Антитело 10E8 с нейтрализующей активностью широкого спектра было идентифицировано у ВИЧ-1-инфицированного донора N152, и было установлено, что оно распознает спираль в мембрано-проксимальной внешней области (MPER), расположенной непосредственно перед трансмембранной областью гликопротеина gp41 ВИЧ-1, и нейтрализует 98% различных изолятов ВИЧ-1 при 50% ингибирующей концентрации (IC50) 0,32 мкг/мл. Тяжелая цепь антитела 10E8 происходит от IgHV3-15 и IgHJ1 и имеет третью гипервариабельную область (CDR H3) из 22 аминокислот и 21% соматических мутаций. Легкая цепь 10E8 происходит от IgVL3-19 и IgLJ3 и имеет CDR L3 из 12 аминокислот и 14% соматических мутаций. Тотальное секвенирование транскриптов В-клеток донора, проводимое с помощью полимеразной цепной реакции (ПЦР) для амплификации последовательностей тяжелой цепи IgG, принадлежащих к семейству IgHV3, и для амплификации последовательностей легкой цепи IgG, принадлежащих к семейству IgVL3, осуществляли, как описано в примере 6. мРНК, выделенную приблизительно из 5 миллионов мононуклеарных клеток периферической крови (МКПК), использовали для реакции обратной транскрипции с получением матричной кДНК, и в обоих случаях были использованы праймеры, расположенные выше от начала лидерной последовательности V-гена и ниже от конца цепи J.

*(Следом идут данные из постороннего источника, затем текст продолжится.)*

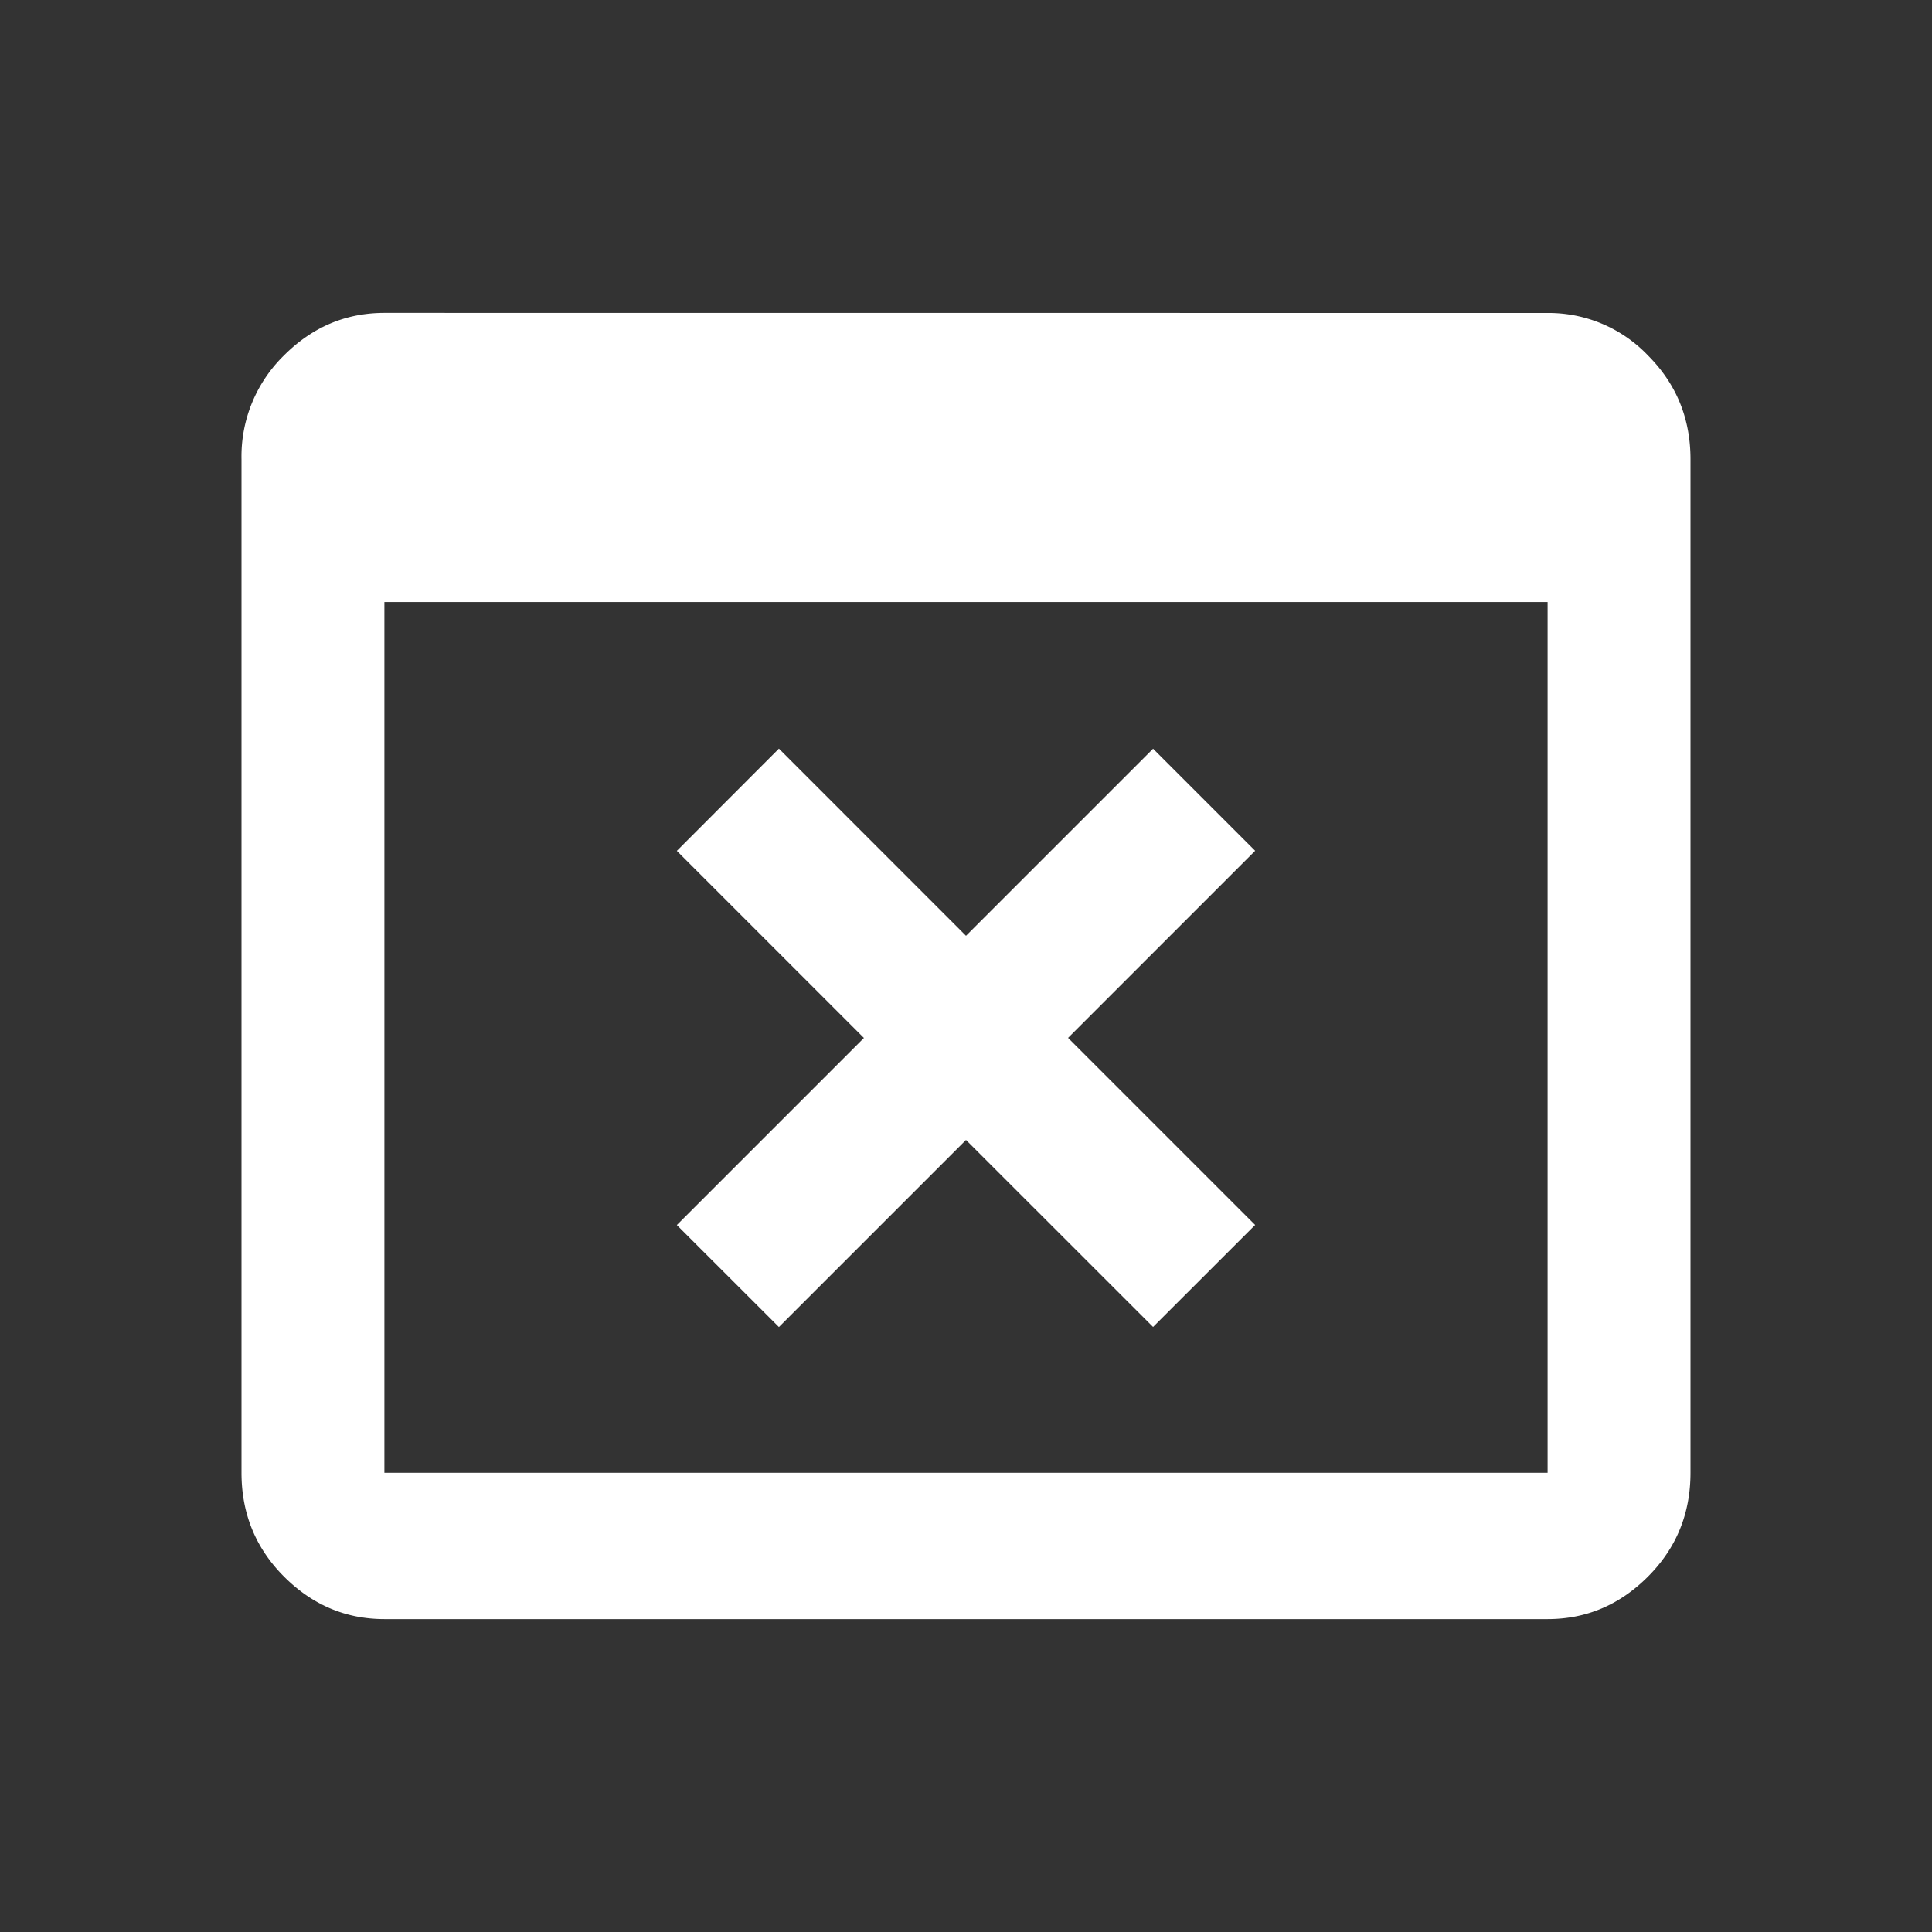 <svg xmlns="http://www.w3.org/2000/svg" width="24" height="24">
    <rect width="100%" height="100%" fill="#333333" stroke="none"/>
    <path d="M4.775 3.887c-.48 0-.895.176-1.247.528A1.753 1.753 0 0 0 3 5.705v12.59c0 .508.176.937.528 1.29.352.352.768.528 1.247.528h14.45c.48 0 .895-.176 1.247-.528.352-.353.528-.782.528-1.29V5.706c0-.508-.176-.937-.528-1.29a1.705 1.705 0 0 0-1.247-.528Zm0 3.592h14.45v10.817H4.775ZM9.676 9.3l-1.268 1.27 2.324 2.324-2.324 2.324 1.268 1.267L12 14.161l2.324 2.323 1.268-1.267-2.324-2.324 2.324-2.324-1.268-1.268L12 11.625z" style="fill:#fff"/>
</svg>

После пиросеквенирования Roche 454 получали 843084 «ридов» тяжелой цепи и 1219214 «ридов» легкой цепи для донора N152 (см. фиг. 50). После первичного анализа, проводимого с использованием биоинформационной базы данных, 36318 последовательностей тяжелой цепи было отнесено к аллельному семейству IgHVl-3, а 54583 последовательностей легкой цепи было отнесено к аллельным семействам IgVL3-IgJ3 (см., например, Wu et al., Science, 333, 1593-1602, 2011, и Zhu et al., Frontiers in microbiology, 3, 315-315, 2012). «Риды» анализировали на идентичность к антителу 10E8 и на отличие от немутированных V-генов, а затем строили сетчатый график зависимости частоты встречаемости от идентичности/отличия (фиг. 50A и 50B, левые панели). Примечательно то, что для тяжелой цепи наблюдалось несколько хорошо различимых «островков» высокой идентичности и приблизительно 25% различий, а для легкой цепи наблюдался один хорошо различимый «островок» высокой идентичности и приблизительно 15% различий. После отбора областей с высокой идентичностью - областей с различиями, проводимого по сетчатому графику, была выбрана 61 последовательность тяжелой цепи и 48 последовательностей легкой цепи. Было проанализировано филогенетическое сходство этих последовательностей с последовательностью 10E8 (фиг. 50C и 50D), и эти последовательности были также синтезированы, реконструированы вместе с комплементарной цепью 10E8 дикого типа и экспрессированы посредством временной трансфекции в 96-луночном формате. В результате твердофазных иммуноферментных анализов (ELISA) экспрессированных вариантов 10E8 было идентифицировано 11 тяжелых цепей и 24 легких цепи (номенклатура и последовательности этих тяжелой и легкой цепей представлены на фиг. 51 и фиг. 59), которые, в случае их спаривания с цепями-партнерами 10E8, связывались с пептидом, соответствующим полноразмерной MPER gp41 ВИЧ-1 (фиг. 50A и 50B, правые панели). На панели из 6 изолятов ВИЧ-1 наблюдалось ~5-кратное увеличение нейтрализующей активности (фиг. 50E и 50F).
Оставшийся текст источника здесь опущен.